Last October, T-Mobile made an astonishing announcement: from now on, when you travel internationally with a T-Mobile phone, you get free unlimited text messages and Internet use. Phone calls to any country are 20 cents a minute.
T-Mobile's plan changes everything. It ends the age of putting your phone in airplane mode overseas, terrified by tales of $6,000 overage charges. I figured my readers would be jubilant. But a surprising number had a very different reaction. “Why should I believe them?” they wrote. “Cell carriers have lied to us for years.”
That's not the first time that promises from a tech company have been greeted not with joy but with skepticism. When Apple introduced a fingerprint scanner into the Home button of the iPhone 5S, you might have expected the public's reaction to be, “Wow, that's much faster than having to type in a password 50 times a day!” But instead a common reaction was: “Oh, great. So now Apple can give my fingerprints to the NSA.”
Really? That's your reaction to the first cell phone with a finger scanner that actually works?
And it's not so unreasonable.
Technology used to be admired in America. We marveled at the first radio, the laptop computer, the flat TV. Tech companies were our blue-chip companies. An IBM man was a good catch—respected, impressive. We were proud of our technological prowess and of the companies that were at the forefront.
Today it's not so simple. Our tech companies have a trust problem.
Over the years they've brought it on themselves. Google tested privacy tolerance when it introduced Gmail—with ads relating to the content of your messages. (It doesn't seem to matter that software algorithms, not people, scan your mail.)
Then a team of researchers discovered that when you synced your iPhone, your computer downloaded a log of your geographical movements, in a form accessible with simple commands. (Apple quickly revised its software.) When Barnes & Noble understated the weight of its Nook e-reader in 2010 or overstated the resolution of the Nook in 2011, suddenly even product specs could no longer be trusted.
Next came news about the National Security Agency and its collection of e-mail correspondence, chat transcripts and other data from Microsoft, Google, Facebook, Apple and others.
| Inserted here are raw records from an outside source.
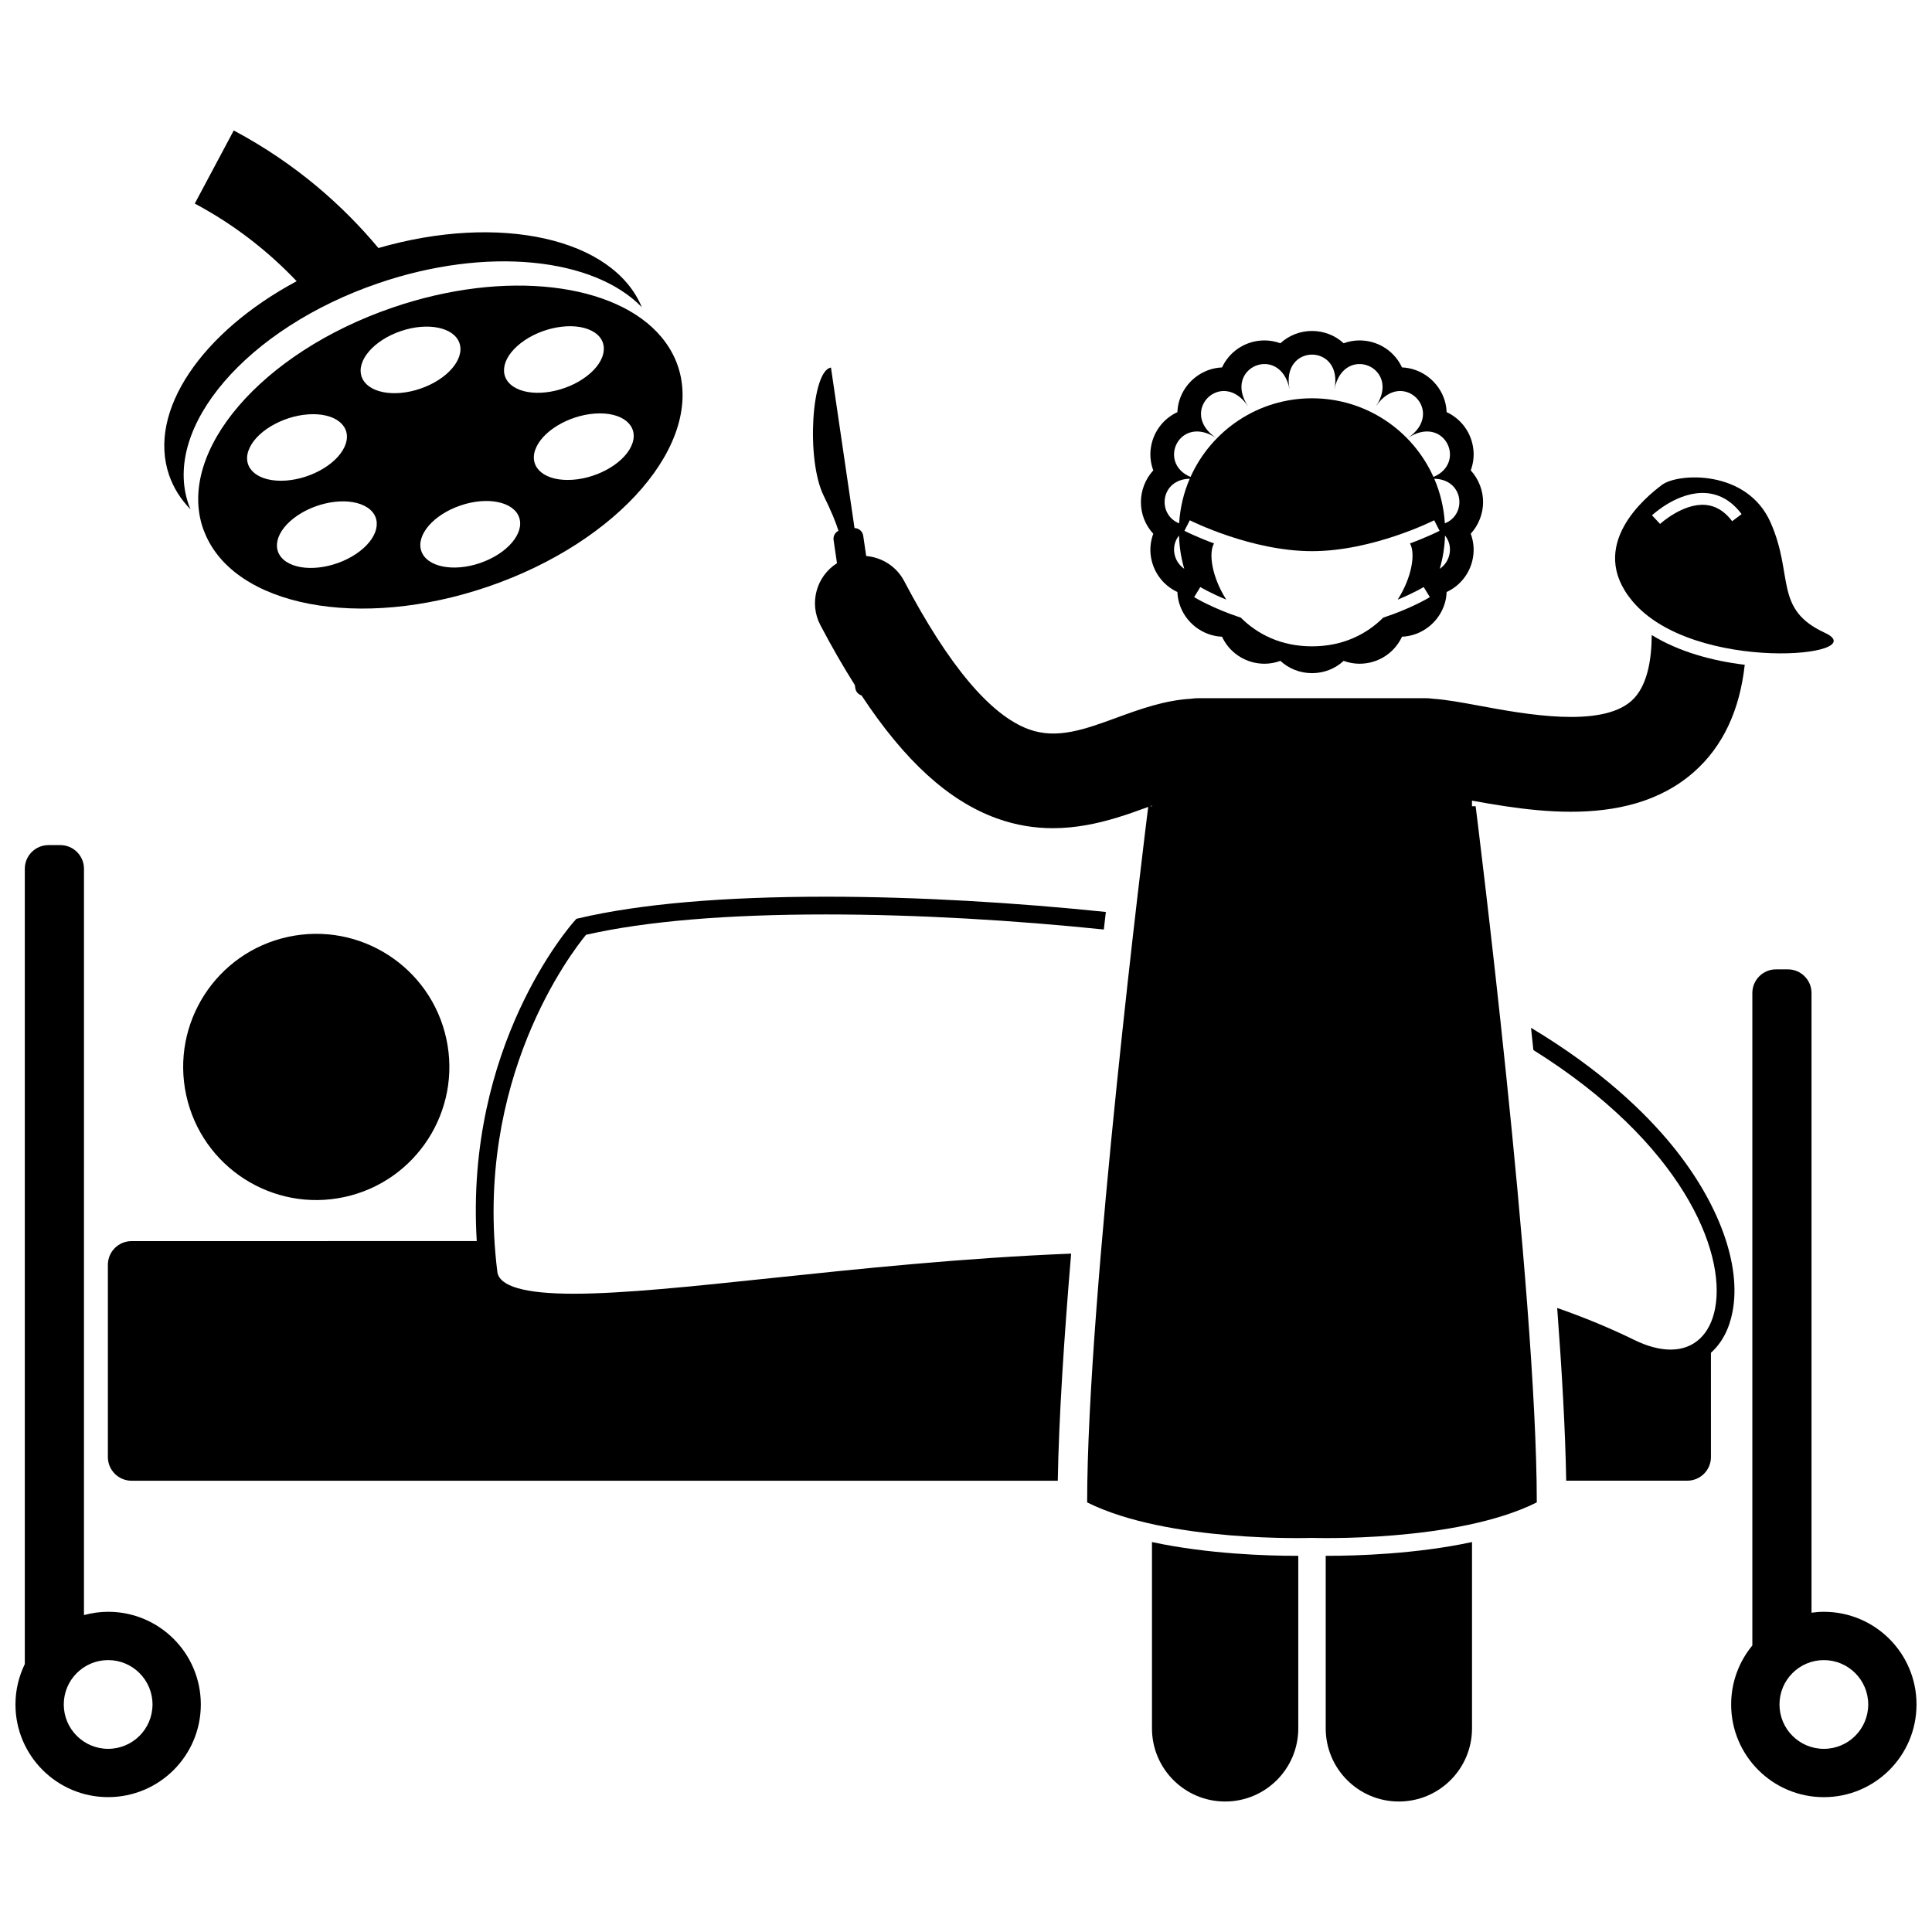<?xml version="1.0" encoding="UTF-8"?>
<!-- Uploaded to: ICON Repo, www.svgrepo.com, Generator: ICON Repo Mixer Tools -->
<svg width="800px" height="800px" version="1.1" viewBox="144 144 512 512" xmlns="http://www.w3.org/2000/svg">
 <defs>
  <clipPath id="b">
   <path d="m148.09 367h49.906v254h-49.906z"/>
  </clipPath>
  <clipPath id="a">
   <path d="m602 400h49.902v221h-49.902z"/>
  </clipPath>
 </defs>
 <path d="m262.28 419.28c4.129 19.035-7.957 37.816-26.992 41.941-19.035 4.129-37.812-7.961-41.941-26.996-4.125-19.039 7.957-37.816 26.992-41.945 19.035-4.125 37.812 7.961 41.941 27"/>
 <g clip-path="url(#b)">
  <path d="m197.22 595.7c0-13.566-10.996-24.562-24.562-24.562-2.219 0-4.359 0.32-6.406 0.875l0.004-197.78c0-3.465-2.809-6.273-6.273-6.273h-3.137c-3.465 0-6.273 2.809-6.273 6.273v210.76c-1.57 3.238-2.477 6.859-2.477 10.703 0 13.566 11 24.562 24.562 24.562 13.566-0.004 24.562-11 24.562-24.562zm-24.562 11.758c-6.492 0-11.758-5.262-11.758-11.758 0-6.496 5.266-11.758 11.758-11.758s11.758 5.262 11.758 11.758c0.004 6.492-5.262 11.758-11.758 11.758z"/>
 </g>
 <g clip-path="url(#a)">
  <path d="m627.34 571.14c-1.113 0-2.195 0.098-3.269 0.242v-164.22c0-3.465-2.809-6.273-6.273-6.273h-3.137c-3.465 0-6.273 2.809-6.273 6.273v172.91c-3.508 4.246-5.617 9.691-5.617 15.633 0 13.566 11 24.562 24.562 24.562 13.566 0 24.562-10.996 24.562-24.562 0.008-13.566-10.988-24.562-24.555-24.562zm0 36.32c-6.492 0-11.758-5.262-11.758-11.758 0-6.496 5.266-11.758 11.758-11.758 6.492 0 11.758 5.262 11.758 11.758 0.004 6.492-5.262 11.758-11.758 11.758z"/>
 </g>
 <path d="m244.2 219.08c28.91-9.898 57.172-6.766 69.887 6.324-7.629-18.328-37.758-24.953-69.801-15.672-9.301-11.129-21.75-22.312-38.34-31.156l-10.328 19.371c11.066 5.902 19.922 13.129 27 20.574-25.047 13.426-39.625 34.391-33.812 51.367 1.176 3.43 3.121 6.469 5.688 9.113-0.191-0.461-0.387-0.926-0.547-1.402-6.992-20.422 15.504-46.621 50.254-58.52z"/>
 <path d="m323.62 240.94c-0.953-2.781-2.422-5.305-4.305-7.574-11.941-14.371-41.258-18.137-71.27-7.859-34.746 11.895-57.242 38.094-50.25 58.516 0.133 0.391 0.297 0.766 0.449 1.148 7.856 19.523 41.043 25.957 75.125 14.285 34.746-11.898 57.242-38.098 50.25-58.516zm-37.449 21.469c2.332-4.871 9.836-8.84 16.762-8.855 6.922-0.02 10.645 3.914 8.312 8.785-2.332 4.871-9.836 8.84-16.758 8.855-6.93 0.023-10.648-3.91-8.316-8.785zm-4.117-27.516c5.481-4.231 13.84-5.691 18.668-3.273 4.828 2.418 4.301 7.805-1.184 12.035-5.484 4.231-13.84 5.695-18.668 3.277-4.828-2.426-4.301-7.812 1.184-12.039zm-31.867-3.137c7.16-2.453 14.137-1.027 15.578 3.18 1.441 4.211-3.195 9.609-10.355 12.062-7.164 2.453-14.141 1.027-15.578-3.18-1.445-4.211 3.195-9.613 10.355-12.062zm-40.012 30.863c2.332-4.871 9.836-8.836 16.758-8.855 6.922-0.016 10.645 3.914 8.312 8.785-2.332 4.871-9.836 8.836-16.758 8.855-6.926 0.02-10.645-3.914-8.312-8.785zm11.703 18.688c5.481-4.231 13.84-5.695 18.668-3.273 4.828 2.418 4.301 7.805-1.18 12.035-5.484 4.231-13.84 5.695-18.672 3.273-4.828-2.414-4.301-7.805 1.184-12.035zm33.773 8.719c-1.441-4.211 3.195-9.609 10.359-12.059 7.16-2.453 14.137-1.027 15.578 3.18 1.441 4.211-3.195 9.609-10.355 12.062-7.168 2.449-14.141 1.023-15.582-3.184z"/>
 <path d="m427.86 476.22c-28.668 1.145-56.273 4.047-79.434 6.484-21.133 2.227-39.387 4.148-52.43 4.148-12.918 0-19.711-1.953-20.195-5.809-6.363-50.914 19.672-84.664 23.504-89.312 15.711-3.582 37.117-5.394 63.641-5.394 24.258 0 50.02 1.562 73.582 3.992 0.184-1.594 0.359-3.144 0.535-4.652-23.77-2.461-49.715-4.043-74.117-4.043-27.312 0-49.336 1.914-65.469 5.691l-0.723 0.168-0.492 0.551c-1.25 1.395-29.059 33.148-25.918 84.852l-91.48 0.012c-3.465 0-6.273 2.809-6.273 6.273v50.953c0 3.465 2.809 6.273 6.273 6.273h245.46c0.281-16.582 1.672-37.969 3.539-60.188z"/>
 <path d="m550.36 422.27c39.223 24.516 51.059 53.195 48.168 68.441-1.32 6.957-5.617 10.945-11.793 10.945-2.922 0-6.16-0.859-9.633-2.559-6.441-3.152-13.258-5.969-20.43-8.473 1.273 16.93 2.172 32.82 2.387 45.773h32.086c3.465 0 6.273-2.809 6.273-6.273l-0.004-27.629c2.856-2.539 4.852-6.25 5.734-10.91 2.352-12.391-3.629-28.836-15.996-43.992-7.16-8.773-18.879-20.102-37.418-31.215 0.211 1.941 0.418 3.906 0.625 5.891z"/>
 <path d="m449.63 285.45c-0.66 1.789-0.887 3.648-0.715 5.391 0.445 4.523 3.238 8.258 7.106 10.047 0.043 1.078 0.223 2.109 0.508 3.047 1.527 5.031 6.141 8.59 11.324 8.801 0.098 0.215 0.207 0.43 0.316 0.637 2.152 4.019 6.348 6.523 10.945 6.523 1.336 0 2.773-0.234 4.203-0.758 2.25 2.086 5.223 3.254 8.379 3.254s6.133-1.168 8.383-3.254c1.426 0.523 2.867 0.758 4.203 0.758 4.602 0 8.793-2.504 10.945-6.527 0.109-0.211 0.215-0.422 0.312-0.633 5.188-0.207 9.801-3.769 11.328-8.801 0.289-0.941 0.465-1.969 0.504-3.043 3.867-1.789 6.664-5.519 7.106-10.047 0.168-1.742-0.055-3.609-0.715-5.398 2.152-2.348 3.273-5.422 3.273-8.395 0-2.981-1.117-6.047-3.273-8.398 0.664-1.789 0.887-3.648 0.715-5.391-0.445-4.527-3.238-8.258-7.106-10.047-0.039-1.078-0.219-2.106-0.504-3.047-1.527-5.027-6.141-8.59-11.328-8.801-0.098-0.215-0.203-0.422-0.312-0.633-2.152-4.023-6.348-6.519-10.949-6.519-1.332 0-2.773 0.23-4.195 0.754-2.25-2.086-5.227-3.258-8.387-3.258-3.156 0-6.129 1.172-8.383 3.258-1.426-0.523-2.867-0.754-4.199-0.754-4.602 0-8.793 2.5-10.945 6.527-0.109 0.207-0.215 0.414-0.312 0.629-5.188 0.207-9.801 3.769-11.328 8.801-0.289 0.941-0.465 1.969-0.508 3.047-3.863 1.789-6.66 5.523-7.106 10.047-0.168 1.738 0.051 3.602 0.715 5.387-2.156 2.352-3.277 5.422-3.277 8.402 0 3.148 1.16 6.117 3.277 8.395zm6.816 0.469c0.094 3.051 0.57 6.004 1.391 8.812-2.777-1.863-3.703-5.918-1.391-8.812zm54.125 21.762c-4.352 4.328-10.582 7.606-18.875 7.606-8.293 0-14.523-3.273-18.875-7.606-7.254-2.367-12.027-5.227-12.359-5.43l1.633-2.676c0.059 0.035 2.648 1.59 6.883 3.332-3.777-5.91-4.762-12.246-3.254-14.891-4.586-1.699-7.555-3.199-7.84-3.344l1.426-2.793c0.16 0.082 16.238 8.188 32.383 8.188 16.145 0 32.223-8.109 32.383-8.188l1.426 2.793c-0.285 0.145-3.254 1.645-7.84 3.344 1.508 2.648 0.52 8.984-3.258 14.898 4.242-1.742 6.828-3.305 6.887-3.34l1.637 2.676c-0.332 0.203-5.106 3.062-12.355 5.43zm14.98-12.945c0.82-2.812 1.301-5.766 1.391-8.82 2.316 2.894 1.391 6.953-1.391 8.82zm1.348-12.043c-0.25-4.18-1.223-8.16-2.805-11.82 7.82 0.152 8.754 9.473 2.805 11.82zm-60.539-22.578c-10.379-6.938 1.469-18.785 8.406-8.406-6.938-10.379 8.551-16.793 10.984-4.551-2.434-12.242 14.324-12.242 11.891 0 2.434-12.242 17.918-5.828 10.98 4.551 6.938-10.379 18.785 1.469 8.41 8.406 9.648-6.449 15.863 6.477 6.852 10.285-5.516-12.289-17.848-20.848-32.191-20.848-14.34 0-26.672 8.562-32.191 20.848-9-3.809-2.789-16.73 6.859-10.285zm-7.07 10.758c-1.578 3.66-2.555 7.644-2.805 11.82-5.941-2.352-5.004-11.668 2.805-11.82z"/>
 <path d="m468.67 621.42c10.707 0 19.387-8.676 19.387-19.383v-45.727h-0.355c-7.769 0-23.566-0.457-38.418-3.648v49.375c0.004 10.711 8.688 19.383 19.387 19.383z"/>
 <path d="m495.68 556.31h-0.352v45.727c0 10.707 8.68 19.383 19.383 19.383 10.707 0 19.387-8.676 19.387-19.383v-49.375c-14.848 3.191-30.648 3.648-38.418 3.648z"/>
 <path d="m432.11 542.15c21.43 10.715 59.578 9.406 59.578 9.406s38.152 1.305 59.578-9.406c0-55.66-16.203-184.49-16.203-184.49h-0.973v-1.484c2.789 0.512 5.769 1.027 8.875 1.492 5.5 0.82 11.379 1.453 17.309 1.453 11.676 0 23.492-2.434 32.707-10.602 7.578-6.715 12.055-16.223 13.395-28.348-8.547-1.02-17.516-3.465-24.652-7.879-0.023 6.527-1.16 13.711-5.383 17.453-8.156 7.231-28.172 3.527-40.133 1.312-4.938-0.914-9.012-1.66-12.539-1.891-0.555-0.078-1.121-0.133-1.699-0.133h-60.574c-0.586 0-1.156 0.055-1.719 0.137-7.074 0.414-13.516 2.742-19.754 5.027-8.484 3.102-15.812 5.785-23.246 3.086-10.164-3.688-21.285-16.902-33.055-39.281-2.07-3.938-5.945-6.305-10.07-6.652l-0.789-5.379c-0.172-1.168-1.16-2.004-2.305-2.027l-6.242-42.535c-5.152 0.754-6.641 24.434-1.93 33.969 2.027 4.102 3.211 7.043 3.914 9.285-0.891 0.449-1.441 1.422-1.289 2.461l0.898 6.133c-5.469 3.461-7.457 10.594-4.391 16.426 3.051 5.801 6.086 11.066 9.129 15.867l0.121 0.832c0.137 0.938 0.805 1.656 1.652 1.922 11.512 17.449 23.125 27.965 35.801 32.562 5.195 1.883 10.188 2.613 14.91 2.613 6.168 0 11.883-1.246 17.004-2.805 2.961-0.898 5.715-1.902 8.25-2.828-0.648 5.203-16.176 129.81-16.176 184.3zm16.699-184.49c0.16-0.059 0.316-0.117 0.477-0.176v0.176z"/>
 <path d="m627.57 311.68c-13.59-6.273-8.102-15.156-14.371-29.266-6.273-14.109-24.562-13.066-28.742-9.93s-20.219 16.062-7.84 30.836c16.203 19.336 64.543 14.629 50.953 8.359zm-31.293-36.996c3.621 0.312 6.742 2.188 9.27 5.559l-2.508 1.879c-1.969-2.625-4.332-4.078-7.023-4.312-6.016-0.523-12.02 4.984-12.078 5.039l-2.144-2.289c0.289-0.262 7.039-6.527 14.484-5.875z"/>
</svg>

Those companies admit to complying with the occasional warrant for individuals' data, but they strenuously deny providing the nsa with bigger sets of data. Do you think that makes the news any easier to take?
Of course not. We're human. We look for patterns. Each new headline further shakes our trust in the whole system.
These days tech companies make efforts to respect, or at least to humor, the public's alarm. In the latest iPhone software, for example, Apple has provided an almost hilariously complete set of on/off switches, one for every app that might want access to your location information.
But it may be too late for that. These companies' products are impossibly complex. There's no way for an individual to verify that software does exactly what we think it does. How do we know those iOS 7 switches do anything at all?
Every time a company slips up, we can only assume that it is just the tip of the iceberg. It may take years for these companies to regain our trust.
But this “I don't trust them anymore” thing sounds distinctly familiar. And it isn't specific to tech companies. At one time or another, haven't we also learned not to trust our government? Our police? Our hospitals? Our newspapers? Our medicines? And, goodness knows, our phone companies?
It's too bad. Mistrust means a life of wariness. It means constant psychic energy, insecurity, less happiness. And then, when we finally get what should be terrific news from a tech company, we're deprived of that little burst of unalloyed pleasure.